**Records provided**
□ □ □ □
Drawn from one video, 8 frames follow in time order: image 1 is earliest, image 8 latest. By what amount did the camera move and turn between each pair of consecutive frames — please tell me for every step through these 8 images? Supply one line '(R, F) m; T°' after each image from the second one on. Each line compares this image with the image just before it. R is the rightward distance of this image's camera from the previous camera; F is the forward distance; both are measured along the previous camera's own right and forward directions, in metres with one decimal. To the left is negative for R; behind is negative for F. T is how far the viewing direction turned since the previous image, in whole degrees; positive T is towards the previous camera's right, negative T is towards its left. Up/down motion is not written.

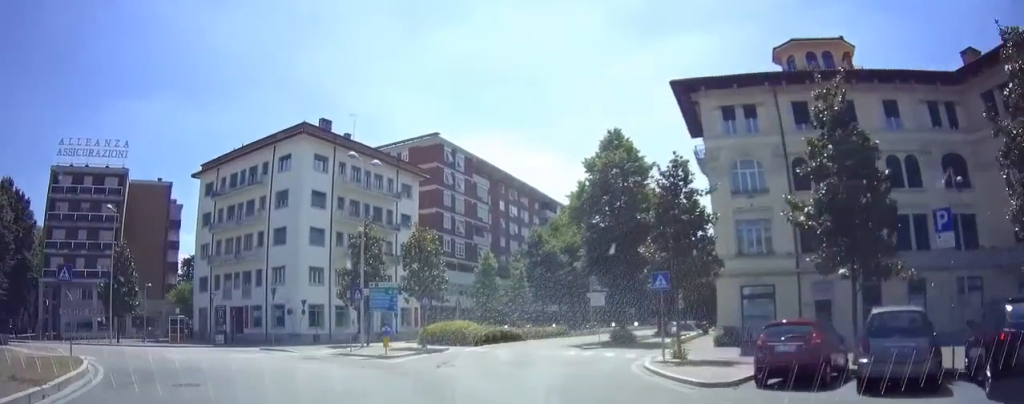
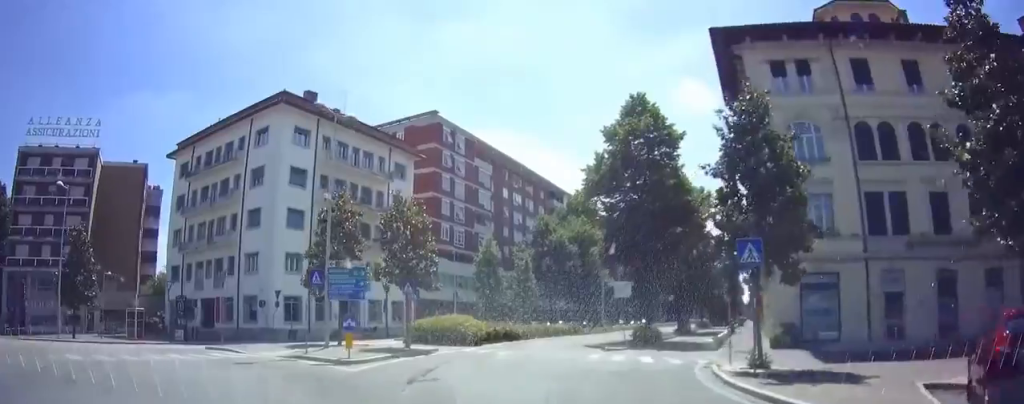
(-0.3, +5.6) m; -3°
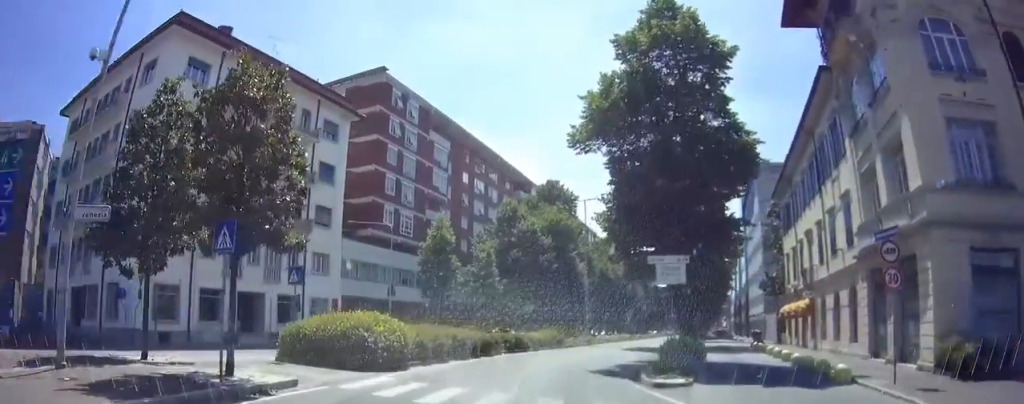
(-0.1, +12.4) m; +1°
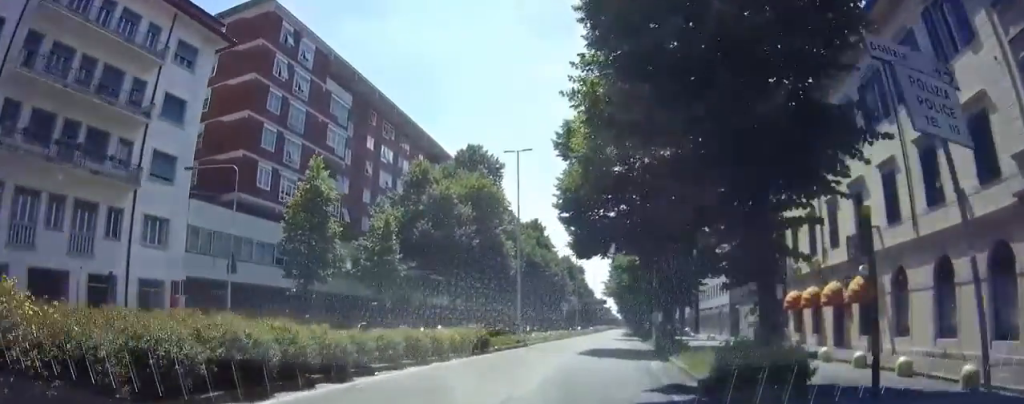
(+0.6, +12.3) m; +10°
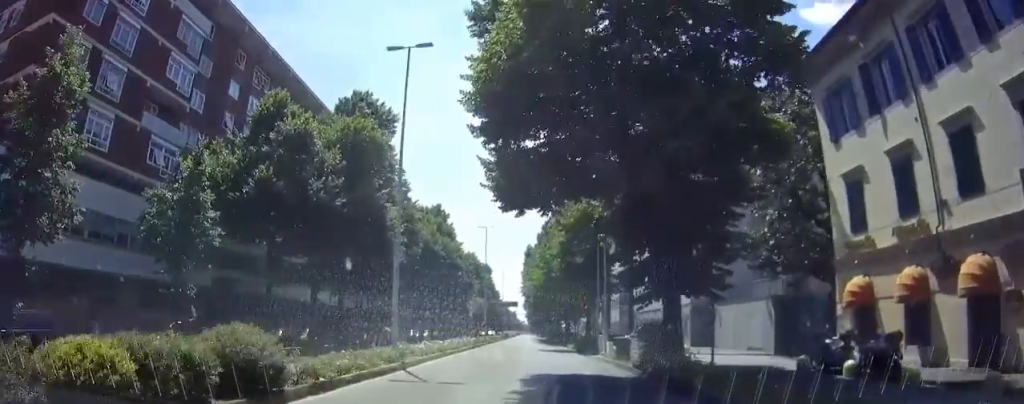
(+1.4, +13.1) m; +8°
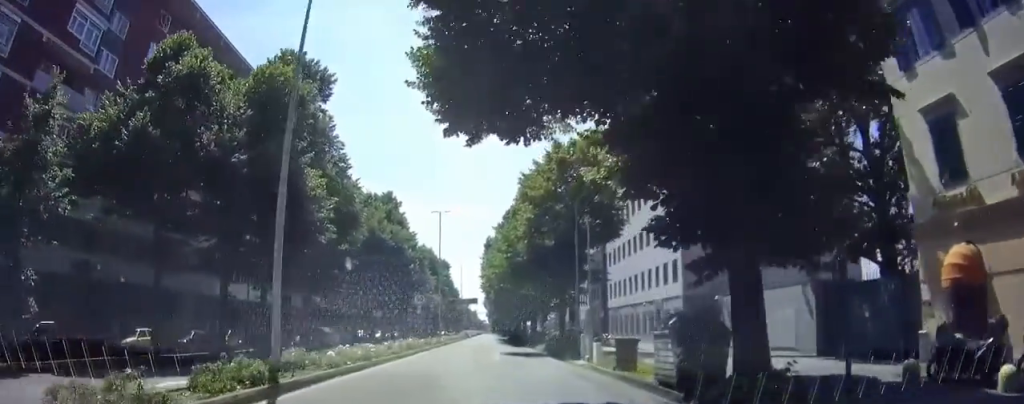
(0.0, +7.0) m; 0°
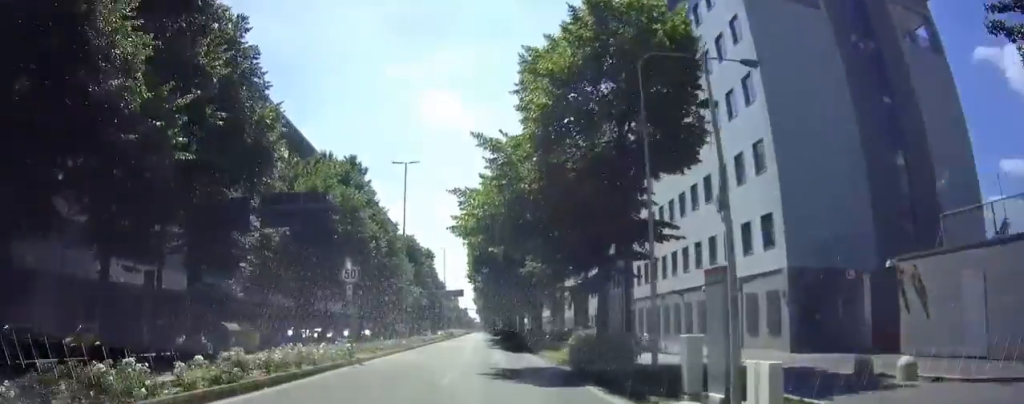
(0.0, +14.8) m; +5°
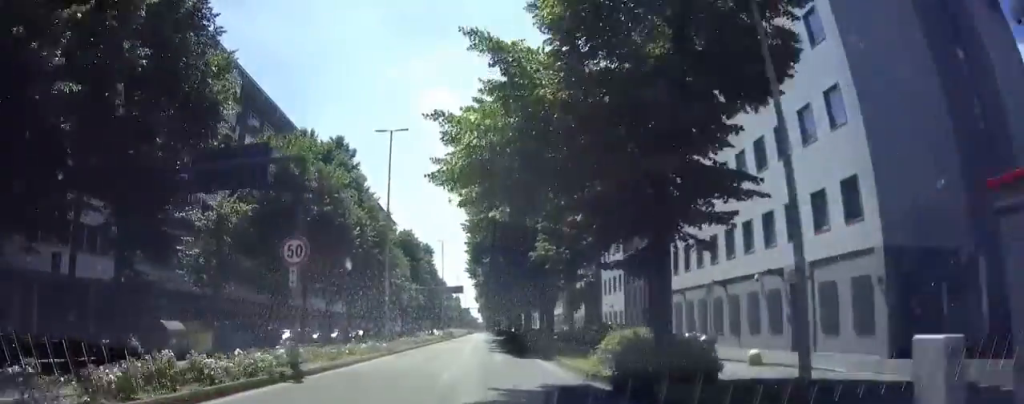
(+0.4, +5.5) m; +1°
□ □ □ □
**Exercise**
Leave out the pictures and output the rest of the records exactly.

**The answer**
Drawn from one video, 8 frames follow in time order: image 1 is earliest, image 8 latest. By what amount did the camera move and turn between each pair of consecutive frames — please tell me for every step through these 8 images? Supply one line '(R, F) m; T°' after each image from the second one on. Each line compares this image with the image just before it. R is the rightward distance of this image's camera from the previous camera; F is the forward distance; both are measured along the previous camera's own right and forward directions, in metres with one decimal. To the left is negative for R; behind is negative for F. T is how far the viewing direction turned since the previous image, in whole degrees; positive T is towards the previous camera's right, negative T is towards its left. Up/down motion is not written.

(-0.3, +5.6) m; -3°
(-0.1, +12.4) m; +1°
(+0.6, +12.3) m; +10°
(+1.4, +13.1) m; +8°
(0.0, +7.0) m; 0°
(0.0, +14.8) m; +5°
(+0.4, +5.5) m; +1°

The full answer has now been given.